**EXERCISE:** Without the images, write out the whole listing exactly.
____ DATASET RECORDS
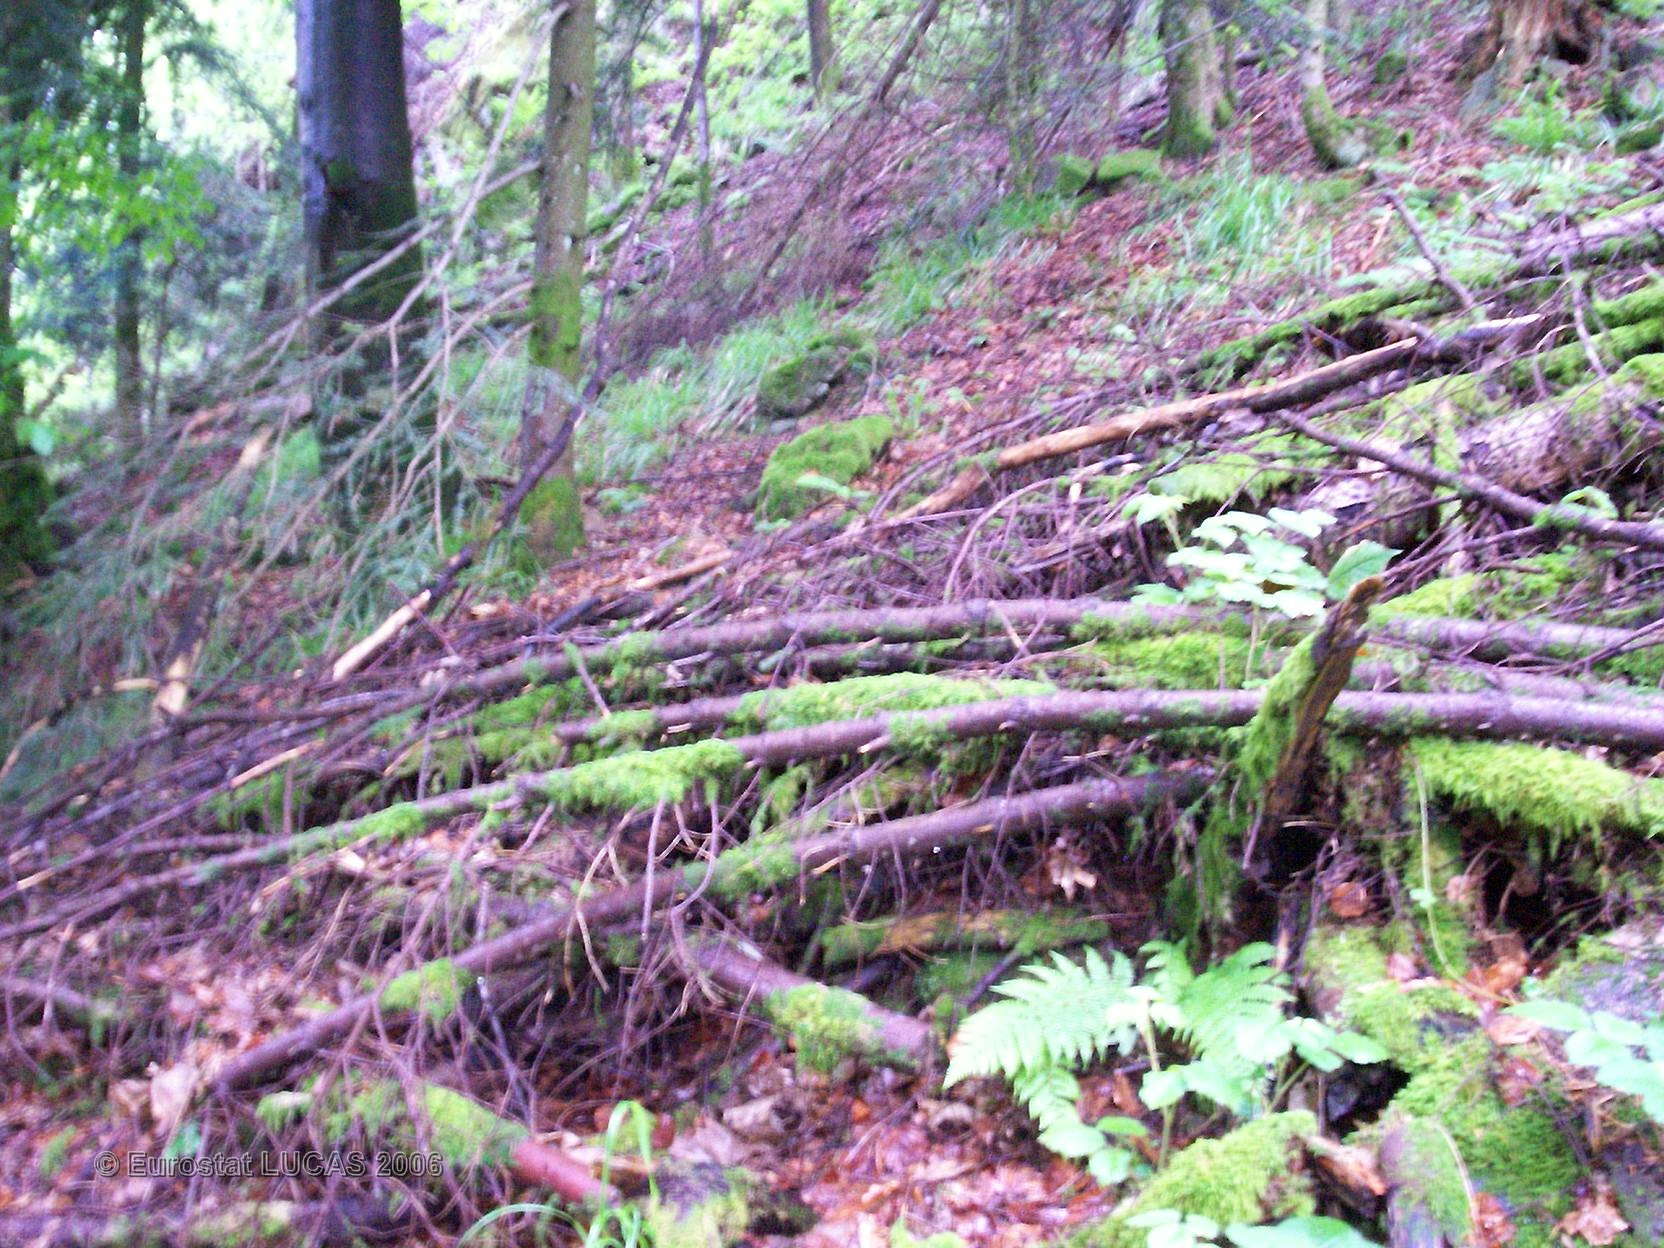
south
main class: Woodland
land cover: Mixed forest
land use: Forestry
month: June
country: FR
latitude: 47.8352
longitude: 6.8082
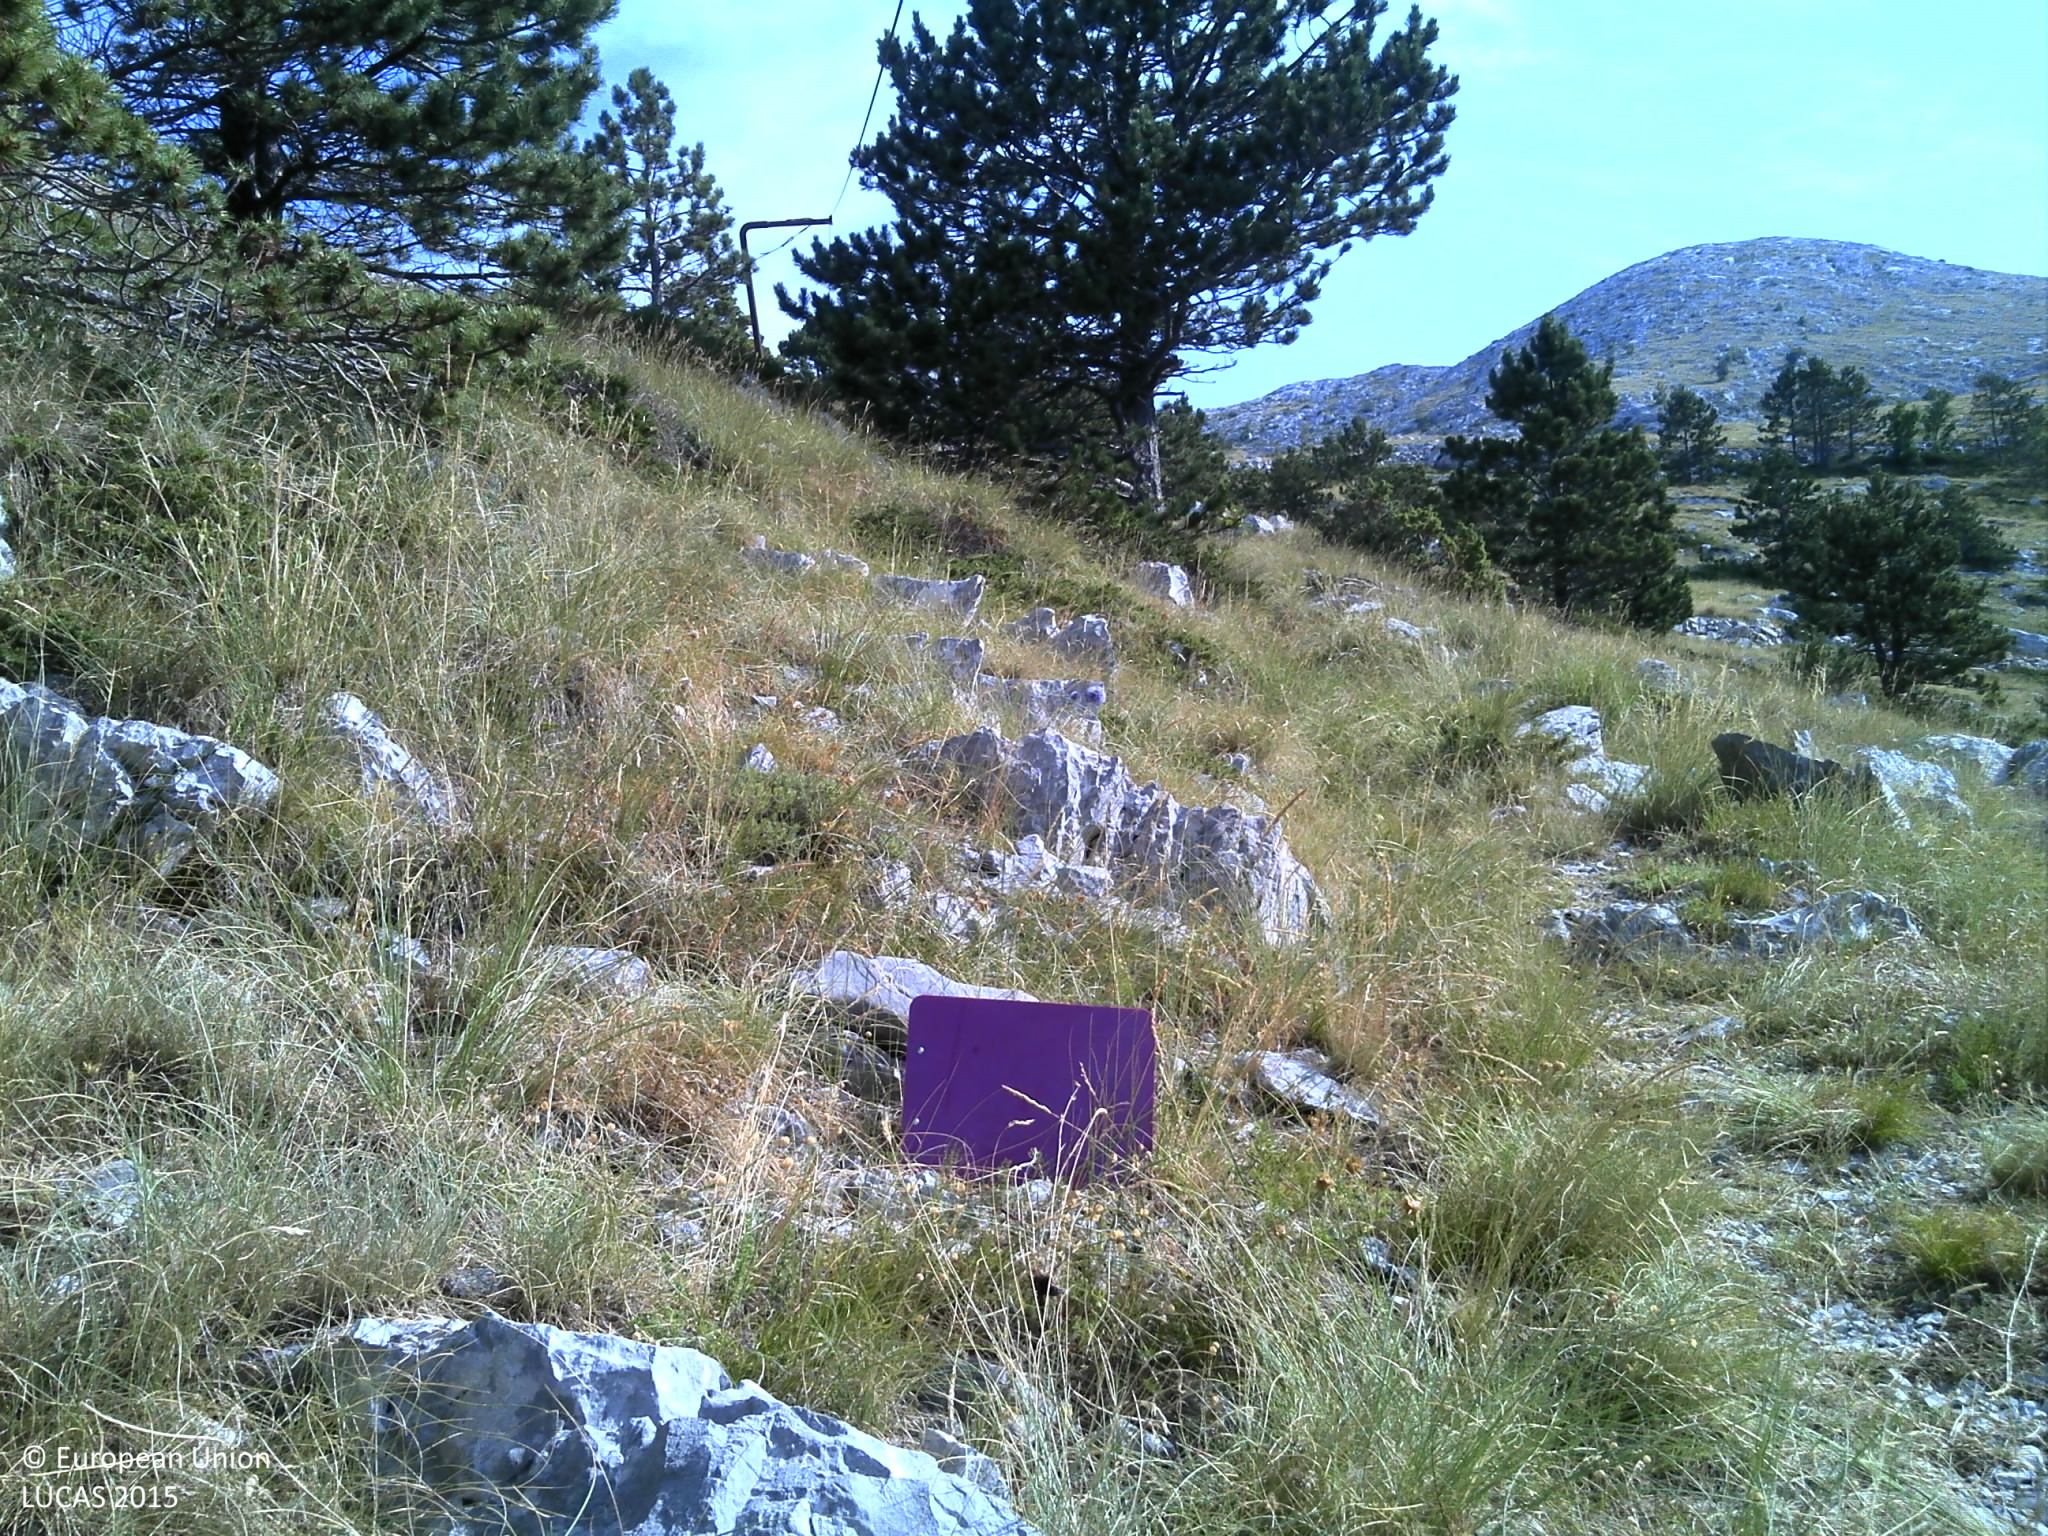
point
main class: Woodland
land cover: Pine dominated coniferous woodland
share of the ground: 10 - 25 %
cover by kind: herbaceous plants 60 %, coniferous forest trees 15 %, shrubs 10 %, unconsolidated bare surface 10 %, consolidated bare surface 5 %
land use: Semi-natural and natural areas not in use
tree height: > 5 m
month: August
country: HR
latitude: 43.2940
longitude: 17.0782
________
**REPLY:**
south
main class: Woodland
land cover: Mixed forest
land use: Forestry
month: June
country: FR
latitude: 47.8352
longitude: 6.8082
point
main class: Woodland
land cover: Pine dominated coniferous woodland
share of the ground: 10 - 25 %
cover by kind: herbaceous plants 60 %, coniferous forest trees 15 %, shrubs 10 %, unconsolidated bare surface 10 %, consolidated bare surface 5 %
land use: Semi-natural and natural areas not in use
tree height: > 5 m
month: August
country: HR
latitude: 43.2940
longitude: 17.0782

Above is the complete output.